The answer must consist solely of the lines below starting at the one containing "Transcribe the Devanagari" and ending at the one containing "Leiknir voru fjórir", repeated exactly, with both ends included and all pictures omitted.

** DATA follows **

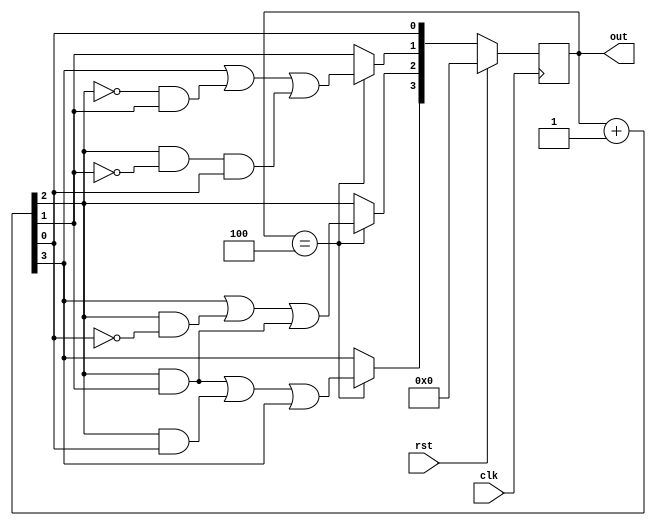
`timescale 1ns / 1ps

module deccounter2421(clk, rst, out); 
input clk, rst;
output [3:0] out; 

reg[3:0] out;
reg[3:0] tmp;
initial out = 4'b0000; 


always @(posedge clk) begin 
if(rst == 1'b1) out = 4'b0000;
else if (out == 4'b0100) begin
    out = out + 4'b0001;
    tmp[3] = out[3];
    tmp[2] = out[2];
    tmp[1] = out[1];
    tmp[0] = out[0];
    out[3] = ((tmp[2]&tmp[1]) | (tmp[2]&tmp[0]) | tmp[3]);
    out[2] = ( tmp[3] | (tmp[2]&~tmp[0]) | (tmp[2]&tmp[1]) );
    out[1] = ( tmp[3] | (~tmp[2]&tmp[1]) | (tmp[2]&~tmp[1]&tmp[0]));
    out[0] = tmp[0];
    end
else out = out + 4'b0001;
end
endmodule
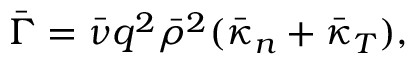
\Bar { \Gamma } = \Bar { \nu } q ^ { 2 } \Bar { \rho } ^ { 2 } ( \Bar { \kappa } _ { n } + \Bar { \kappa } _ { T } ) ,
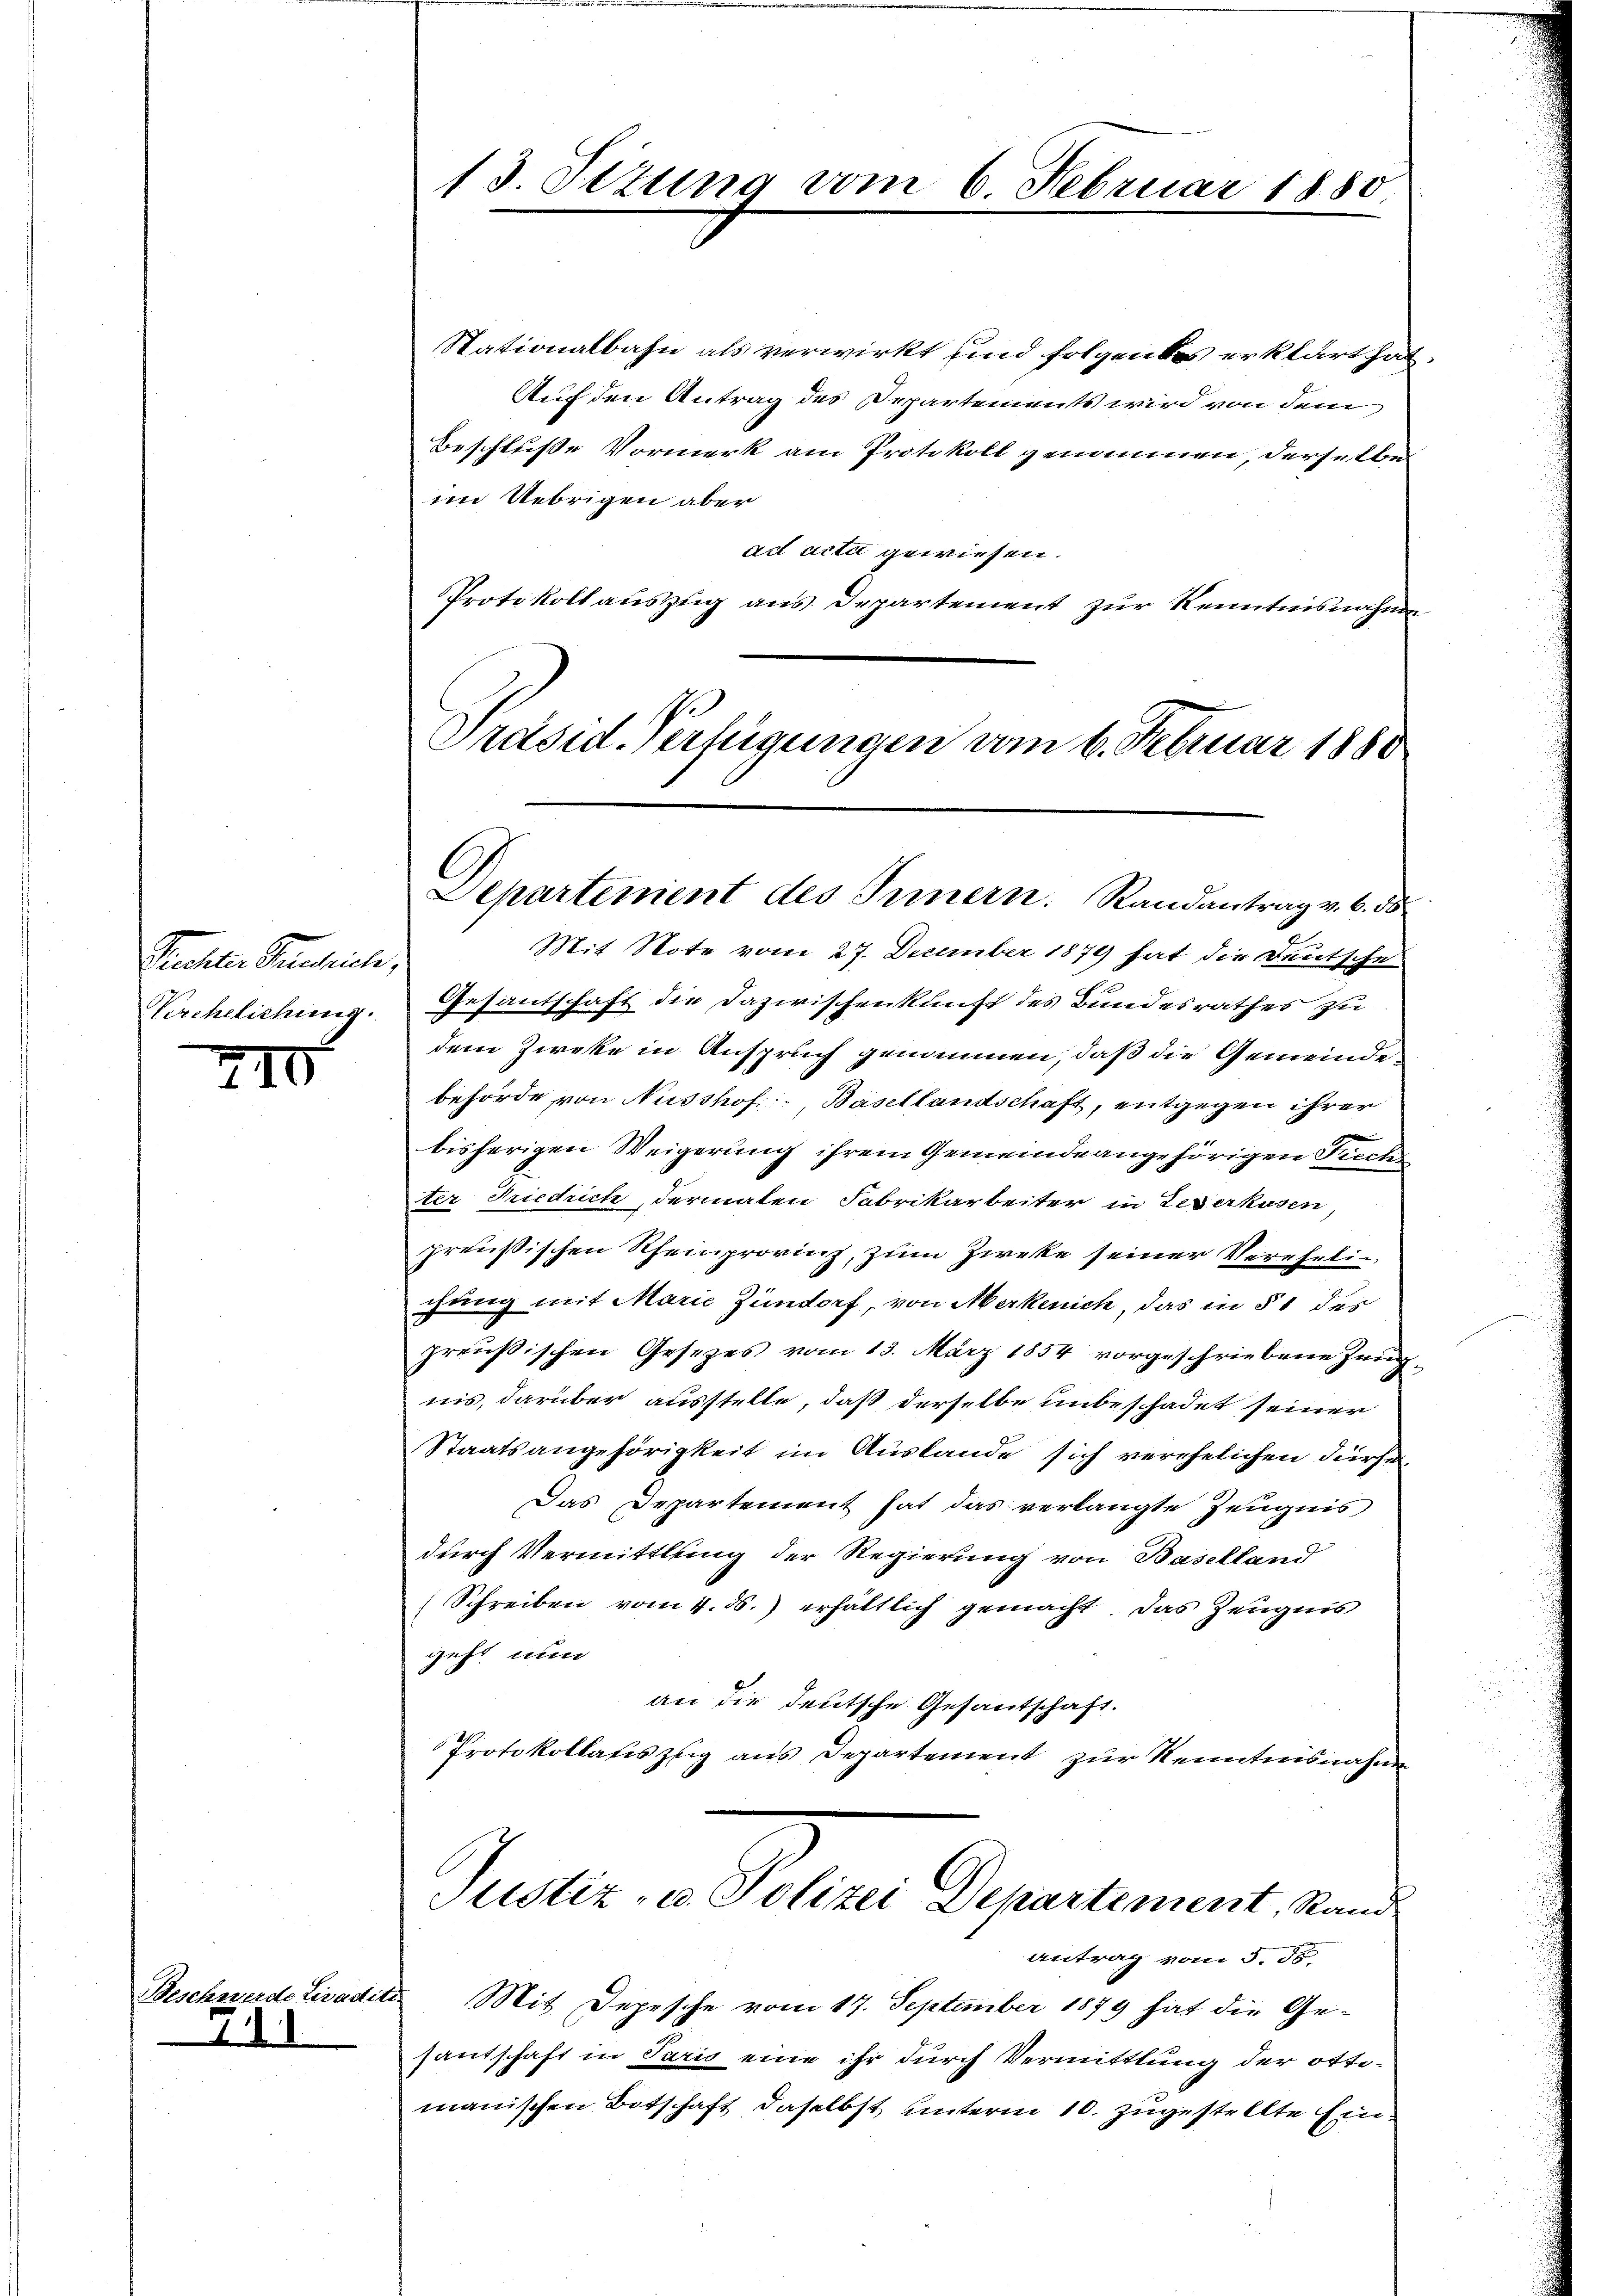
Pensilen Gerich,
Krehelichung.

210

Beschwerde Livadi
7.

13. Tizung vom 6. Februar 1880

Stationalbahn als verwirkt und folgendes erklärt hat,
Auf den Antrag des Departements wird von dem
Beschluße Vormerk am Protokoll genommen, derselben
im Uebrigen aber
ad acti gewiesen.
Protokoll auszug aus Departement zur Kenntnisnahme
Präsid. Verfügungen vom 6. Februar 1880

Departement des Innern. Randantrag v. 6. ds

Mit Note vom 27. December 1879 hat die Deutsche
Gesantschaft die Dazwischenkunft des Bundesrathes zu
dem Zieke in Anspruch genommen, daß die Gemeinde
behörde von Nusshof Basellandschaft, entgegen ihrer
bisherigen Weigerung ihrem Gemeinde angehörigen Tiechs
Ster Friedrich, dermalen Fabrikarbeiter in Leserhusen
preußischen Rheinprovinz, zum Zirke seiner Verehelichung mit Marie Zimdorf, von Merkenich, das in § 1 des
preußischen Gesezes vom 13. März 1854 vorgeschriebene Zeug-
nis, darüber ausstelle, daß derselbe unbeschadet seiner
Staatsangehörigkeit im Auslande sich verehelichen dürfen
Das Departement hat das verlangte Zeugnis
durch Vermittlung der Regierung von Baselland
Schreiben vom 4. ds. erhältlich gemacht. Das Zeugnis
geht nun
an die deutsche Gesantschaft.
Protokollatis zŭg ans Departement zŭr Kenntnisnahme

Justiz- u. Polizei Departement, Rand
Antrag vom 5. d

Mit Depesche vom 17. September 1879 hat die Gesantschaft in Paris eine ihr durch Vermittlung der oftimanischen Botschaft daselbst unterm 10. zugestellte Ein¬
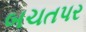
બચતપર
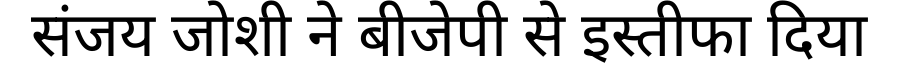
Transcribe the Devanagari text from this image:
संजय जोशी ने बीजेपी से इस्तीफा दिया
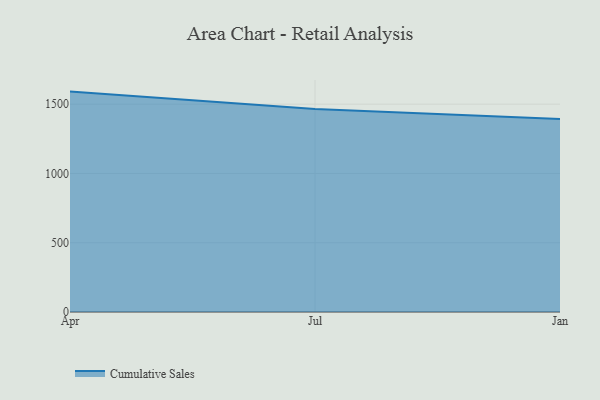
{"axis": {"x": "Month", "y": "Production Output"}, "legend": ["Cumulative Sales"], "data": [{"x": "Apr", "y": 1590.7, "type": "Cumulative Sales"}, {"x": "Jul", "y": 1465.1, "type": "Cumulative Sales"}, {"x": "Jan", "y": 1392.7, "type": "Cumulative Sales"}]}
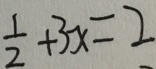
\frac { 1 } { 2 } + 3 x = 2
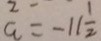
a = - 1 1 \frac { 1 } { 2 }
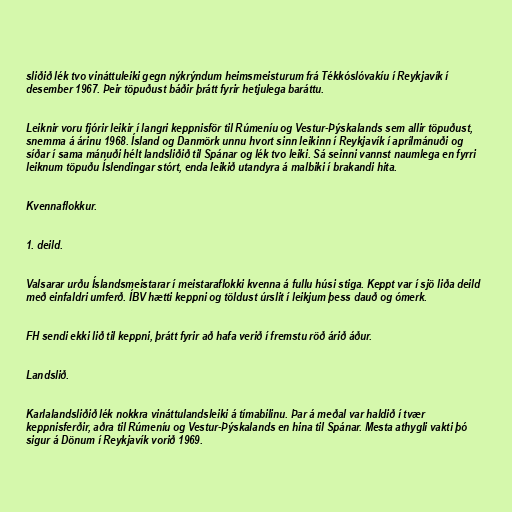
sliðið lék tvo vináttuleiki gegn nýkrýndum heimsmeisturum frá Tékkóslóvakíu í Reykjavík í
desember 1967. Þeir töpuðust báðir þrátt fyrir hetjulega baráttu.

Leiknir voru fjórir leikir í langri keppnisför til Rúmeníu og Vestur-Þýskalands sem allir töpuðust,
snemma á árinu 1968. Ísland og Danmörk unnu hvort sinn leikinn í Reykjavík í aprílmánuði og
síðar í sama mánuði hélt landsliðið til Spánar og lék tvo leiki. Sá seinni vannst naumlega en fyrri
leiknum töpuðu Íslendingar stórt, enda leikið utandyra á malbiki í brakandi hita.

Kvennaflokkur.

1. deild.

Valsarar urðu Íslandsmeistarar í meistaraflokki kvenna á fullu húsi stiga. Keppt var í sjö liða deild
með einfaldri umferð. ÍBV hætti keppni og töldust úrslit í leikjum þess dauð og ómerk.

FH sendi ekki lið til keppni, þrátt fyrir að hafa verið í fremstu röð árið áður.

Landslið.

Karlalandsliðið lék nokkra vináttulandsleiki á tímabilinu. Þar á meðal var haldið í tvær
keppnisferðir, aðra til Rúmeníu og Vestur-Þýskalands en hina til Spánar. Mesta athygli vakti þó
sigur á Dönum í Reykjavík vorið 1969.

** End of DATA **

▶ REPLY TO THE TASK
Transcribe the Devanagari text from this image:
संजय जोशी ने बीजेपी से इस्तीफा दिया
{"axis": {"x": "Month", "y": "Production Output"}, "legend": ["Cumulative Sales"], "data": [{"x": "Apr", "y": 1590.7, "type": "Cumulative Sales"}, {"x": "Jul", "y": 1465.1, "type": "Cumulative Sales"}, {"x": "Jan", "y": 1392.7, "type": "Cumulative Sales"}]}
\frac { 1 } { 2 } + 3 x = 2
a = - 1 1 \frac { 1 } { 2 }
sliðið lék tvo vináttuleiki gegn nýkrýndum heimsmeisturum frá Tékkóslóvakíu í Reykjavík í
desember 1967. Þeir töpuðust báðir þrátt fyrir hetjulega baráttu.

Leiknir voru fjórir leikir í langri keppnisför til Rúmeníu og Vestur-Þýskalands sem allir töpuðust,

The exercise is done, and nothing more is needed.